At Dynamic Benchmarking, we are seeing a trend with our association clients offering online salary studies to their members, in addition to continued use of the more traditional financial and operational applications. Organizations want the assurance that the compensation and benefits they provide to their employees are comparable or better than that offered by competitors. This knowledge enables them to attract and retain the best talent, which in turn increases their competitive position in the marketplace. Online benchmarking takes the traditional salary study or survey to the next level, with powerful tools for real-time comparison and reporting.

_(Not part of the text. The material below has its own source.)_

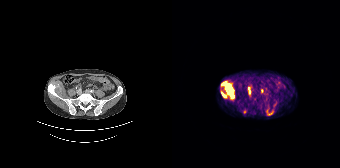
- Two-panel axial: CT | PSMA PET, 68Ga tracer
- acquired on Siemens Biograph 64-4R TruePoint
- slice 66 of 195
- PET panel 168×168 px (4.1 mm/px)
Findings: Coordinates are on the 168×168 PET (right) panel. PSMA-avid tumor lesion bounding boxes (x0,y0,x1,y1): [49,81,62,99]; [94,109,101,115]; [76,87,78,93]. Small PSMA-avid foci (2 to 4 px across) near (center x, center y): (90, 90); (72, 111).

Good planning is essential to creating a salary study, whether it is traditional or online. Creating a compensation benchmarking plan before you jump into the details of a salary or compensation study enables your association to utilize time and resources wisely. According to PayScale, the following components should be included in a salary benchmarking plan:
Creating written job descriptions (and keeping them fresh) is vital for your member organizations. The job descriptions don’t have to be 100% complete, but will be essential for matching skills, responsibilities and experience to each job position. If you’re crafting new job descriptions, make sure to tap the resources of your member organizations and subject matter experts to get the best information possible.
Your communication plan can be flexible, but it should provide you with clear goals. It needs to communicate why, how and when this salary study will be conducted. Good communication to your member organizations is always an essential component.
You’re interested in compensation benchmarking for a reason. What is it? Do you support an annual effort of your members to perform salary reviews? Are your member organizations losing top performing employees or struggling to recruit fresh new talent? Whatever your reason, your written objective should support your business purpose for performing a salary study.
Goals need to be specific and should ideally encompass 2‐5 primary objectives. You will use these goals later to measure your project’s success and help your member organizations order which employees or departments they should prioritize first.
Typically, there are two major costs to conducting a salary study – obtaining benchmarking data and HR consultant time. If you plan to do the study in-house, you’ll only need to budget for collecting benchmark survey data. If you choose to use outside help, you’ll need to add HR consulting fees into your budget. It’s important to take time to find out what the outside research will cost, and if you need to include internal time, consulting fees or both.
With your goals in mind, you can now create a timeline for your benchmarking project. Good questions to consider are “How long will this take?” and “What is the best time to collect this data?” Keep your priorities and the scope of your salary study central in planning the timeline. Also, be sure to build extra time into your plan, to account for those unexpected obstacles that inevitably get in the way!